━━ Supplied material
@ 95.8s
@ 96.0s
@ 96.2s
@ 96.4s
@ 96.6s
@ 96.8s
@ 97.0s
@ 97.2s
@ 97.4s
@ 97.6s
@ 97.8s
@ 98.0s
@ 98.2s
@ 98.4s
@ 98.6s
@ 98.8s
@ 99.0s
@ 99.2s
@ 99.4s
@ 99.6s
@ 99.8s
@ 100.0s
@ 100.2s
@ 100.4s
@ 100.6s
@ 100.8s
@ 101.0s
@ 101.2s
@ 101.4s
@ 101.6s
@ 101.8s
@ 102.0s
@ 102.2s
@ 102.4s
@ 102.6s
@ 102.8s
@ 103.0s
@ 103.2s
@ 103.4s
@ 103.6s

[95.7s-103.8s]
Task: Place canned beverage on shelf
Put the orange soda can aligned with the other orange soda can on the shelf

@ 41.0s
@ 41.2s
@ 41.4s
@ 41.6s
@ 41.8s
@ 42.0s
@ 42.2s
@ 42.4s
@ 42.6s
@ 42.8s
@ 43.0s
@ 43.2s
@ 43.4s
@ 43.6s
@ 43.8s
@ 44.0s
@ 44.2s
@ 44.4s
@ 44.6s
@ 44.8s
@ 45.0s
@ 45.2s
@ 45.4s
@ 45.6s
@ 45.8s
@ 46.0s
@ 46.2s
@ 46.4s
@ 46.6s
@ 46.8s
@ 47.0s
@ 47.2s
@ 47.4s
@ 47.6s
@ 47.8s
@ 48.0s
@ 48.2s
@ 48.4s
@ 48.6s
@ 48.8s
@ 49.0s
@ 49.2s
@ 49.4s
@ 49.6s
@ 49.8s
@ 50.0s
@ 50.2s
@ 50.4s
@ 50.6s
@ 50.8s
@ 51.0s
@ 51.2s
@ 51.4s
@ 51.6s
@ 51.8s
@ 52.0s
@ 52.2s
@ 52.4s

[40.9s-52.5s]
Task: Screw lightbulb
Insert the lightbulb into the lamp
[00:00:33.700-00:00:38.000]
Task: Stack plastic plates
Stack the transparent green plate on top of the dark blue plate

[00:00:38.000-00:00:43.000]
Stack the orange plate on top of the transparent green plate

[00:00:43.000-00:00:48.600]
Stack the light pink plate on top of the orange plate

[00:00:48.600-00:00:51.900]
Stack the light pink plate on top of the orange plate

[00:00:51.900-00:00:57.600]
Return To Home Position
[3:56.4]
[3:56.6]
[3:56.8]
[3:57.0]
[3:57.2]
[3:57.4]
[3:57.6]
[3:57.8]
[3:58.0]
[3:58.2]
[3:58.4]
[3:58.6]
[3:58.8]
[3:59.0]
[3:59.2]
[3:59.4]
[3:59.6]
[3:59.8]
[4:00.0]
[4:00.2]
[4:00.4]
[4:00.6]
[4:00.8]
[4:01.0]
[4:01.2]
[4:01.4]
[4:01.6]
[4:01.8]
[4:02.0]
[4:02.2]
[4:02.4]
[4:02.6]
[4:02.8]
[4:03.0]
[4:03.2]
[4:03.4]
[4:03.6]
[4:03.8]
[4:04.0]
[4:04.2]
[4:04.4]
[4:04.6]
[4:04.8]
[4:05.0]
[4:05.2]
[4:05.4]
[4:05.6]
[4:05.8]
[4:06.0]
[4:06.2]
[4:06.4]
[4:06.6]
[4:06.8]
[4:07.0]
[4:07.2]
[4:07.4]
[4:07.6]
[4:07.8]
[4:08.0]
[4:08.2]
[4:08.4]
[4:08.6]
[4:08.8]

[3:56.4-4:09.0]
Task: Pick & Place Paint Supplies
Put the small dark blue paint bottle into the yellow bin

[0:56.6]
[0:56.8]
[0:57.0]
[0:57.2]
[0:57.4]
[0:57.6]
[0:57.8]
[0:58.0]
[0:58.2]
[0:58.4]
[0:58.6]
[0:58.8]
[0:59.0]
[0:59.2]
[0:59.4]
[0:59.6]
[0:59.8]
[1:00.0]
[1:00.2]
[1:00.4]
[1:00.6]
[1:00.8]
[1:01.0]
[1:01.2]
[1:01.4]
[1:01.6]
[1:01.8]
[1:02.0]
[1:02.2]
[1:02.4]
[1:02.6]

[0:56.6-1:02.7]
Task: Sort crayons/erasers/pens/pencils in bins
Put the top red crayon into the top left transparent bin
━━━━
Assignment: Print all the records precisely.

Answer box:
@ 95.8s
@ 96.0s
@ 96.2s
@ 96.4s
@ 96.6s
@ 96.8s
@ 97.0s
@ 97.2s
@ 97.4s
@ 97.6s
@ 97.8s
@ 98.0s
@ 98.2s
@ 98.4s
@ 98.6s
@ 98.8s
@ 99.0s
@ 99.2s
@ 99.4s
@ 99.6s
@ 99.8s
@ 100.0s
@ 100.2s
@ 100.4s
@ 100.6s
@ 100.8s
@ 101.0s
@ 101.2s
@ 101.4s
@ 101.6s
@ 101.8s
@ 102.0s
@ 102.2s
@ 102.4s
@ 102.6s
@ 102.8s
@ 103.0s
@ 103.2s
@ 103.4s
@ 103.6s

[95.7s-103.8s]
Task: Place canned beverage on shelf
Put the orange soda can aligned with the other orange soda can on the shelf

@ 41.0s
@ 41.2s
@ 41.4s
@ 41.6s
@ 41.8s
@ 42.0s
@ 42.2s
@ 42.4s
@ 42.6s
@ 42.8s
@ 43.0s
@ 43.2s
@ 43.4s
@ 43.6s
@ 43.8s
@ 44.0s
@ 44.2s
@ 44.4s
@ 44.6s
@ 44.8s
@ 45.0s
@ 45.2s
@ 45.4s
@ 45.6s
@ 45.8s
@ 46.0s
@ 46.2s
@ 46.4s
@ 46.6s
@ 46.8s
@ 47.0s
@ 47.2s
@ 47.4s
@ 47.6s
@ 47.8s
@ 48.0s
@ 48.2s
@ 48.4s
@ 48.6s
@ 48.8s
@ 49.0s
@ 49.2s
@ 49.4s
@ 49.6s
@ 49.8s
@ 50.0s
@ 50.2s
@ 50.4s
@ 50.6s
@ 50.8s
@ 51.0s
@ 51.2s
@ 51.4s
@ 51.6s
@ 51.8s
@ 52.0s
@ 52.2s
@ 52.4s

[40.9s-52.5s]
Task: Screw lightbulb
Insert the lightbulb into the lamp
[00:00:33.700-00:00:38.000]
Task: Stack plastic plates
Stack the transparent green plate on top of the dark blue plate

[00:00:38.000-00:00:43.000]
Stack the orange plate on top of the transparent green plate

[00:00:43.000-00:00:48.600]
Stack the light pink plate on top of the orange plate

[00:00:48.600-00:00:51.900]
Stack the light pink plate on top of the orange plate

[00:00:51.900-00:00:57.600]
Return To Home Position
[3:56.4]
[3:56.6]
[3:56.8]
[3:57.0]
[3:57.2]
[3:57.4]
[3:57.6]
[3:57.8]
[3:58.0]
[3:58.2]
[3:58.4]
[3:58.6]
[3:58.8]
[3:59.0]
[3:59.2]
[3:59.4]
[3:59.6]
[3:59.8]
[4:00.0]
[4:00.2]
[4:00.4]
[4:00.6]
[4:00.8]
[4:01.0]
[4:01.2]
[4:01.4]
[4:01.6]
[4:01.8]
[4:02.0]
[4:02.2]
[4:02.4]
[4:02.6]
[4:02.8]
[4:03.0]
[4:03.2]
[4:03.4]
[4:03.6]
[4:03.8]
[4:04.0]
[4:04.2]
[4:04.4]
[4:04.6]
[4:04.8]
[4:05.0]
[4:05.2]
[4:05.4]
[4:05.6]
[4:05.8]
[4:06.0]
[4:06.2]
[4:06.4]
[4:06.6]
[4:06.8]
[4:07.0]
[4:07.2]
[4:07.4]
[4:07.6]
[4:07.8]
[4:08.0]
[4:08.2]
[4:08.4]
[4:08.6]
[4:08.8]

[3:56.4-4:09.0]
Task: Pick & Place Paint Supplies
Put the small dark blue paint bottle into the yellow bin

[0:56.6]
[0:56.8]
[0:57.0]
[0:57.2]
[0:57.4]
[0:57.6]
[0:57.8]
[0:58.0]
[0:58.2]
[0:58.4]
[0:58.6]
[0:58.8]
[0:59.0]
[0:59.2]
[0:59.4]
[0:59.6]
[0:59.8]
[1:00.0]
[1:00.2]
[1:00.4]
[1:00.6]
[1:00.8]
[1:01.0]
[1:01.2]
[1:01.4]
[1:01.6]
[1:01.8]
[1:02.0]
[1:02.2]
[1:02.4]
[1:02.6]

[0:56.6-1:02.7]
Task: Sort crayons/erasers/pens/pencils in bins
Put the top red crayon into the top left transparent bin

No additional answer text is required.